The conference will begin the afternoon of Thursday, March 5, 2015, with a workshop. This workshop will continue the annual tradition of involving all attendees as participants in an interactive discussion and reflection. On Friday, March 6, 2015, the conference will continue with a day of presentations regarding current scholarship and/or legal work that explores the application of feminist legal theory to issues involving health. The conference will be open to the public and will feature a keynote speaker. Past keynote speakers have included Nobel Laureate Toni Morrison, Dr. Maya Angelou, Gloria Steinem, Pulitzer Prize winning journalist Sheryl WuDunn, Senators Barbara Mikulski and Amy Klobuchar, and NOW President Terry O’Neill.

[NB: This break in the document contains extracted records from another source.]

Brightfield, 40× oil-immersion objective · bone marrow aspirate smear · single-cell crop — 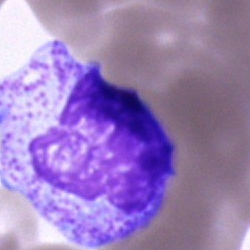 Q: What type of cell is this?
A: This is an unidentifiable cell.
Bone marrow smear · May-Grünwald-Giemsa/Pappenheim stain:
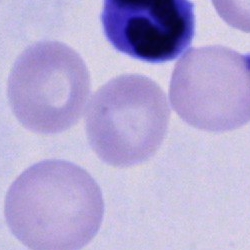Q: Which cell type is shown here?
A: This is a cell of indeterminate lineage.
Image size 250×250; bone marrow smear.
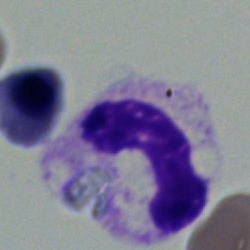 Specimen: bone marrow aspirate smear.
Cell type: polymorphonuclear neutrophil.

To submit a paper proposal, please submit an abstract by Friday, 5 p.m. on October 31, 2014, to email@example.com. It is essential that your abstract contain your full contact information, including an email, phone number, and mailing address where you can be reached. In the “Re” line, please state: CAF Conference 2015. Abstracts should be no longer than one page. We will notify presenters of selected papers in mid-November. We anticipate being able to have twelve paper presenters during the conference on Friday, March 6, 2015. About half the presenter slots will be reserved for authors who commit to publishing in the symposium volume of the University of Baltimore Law Review. Thus, please indicate at the bottom of your abstract whether you are submitting (1) solely to present or (2) to present and publish in the symposium volume. Authors who are interested in publishing in the Law Review will be strongly considered for publication. Regardless of whether or not you are publishing in the symposium volume, all working drafts of symposium-length or article-length papers will be due no later than February 13, 2015. Abstracts will be posted on the Center on Applied Feminism’s conference website to be shared with other participants and attendees. Presenters are responsible for their own travel costs; the conference will provide a discounted hotel rate, as well as meals.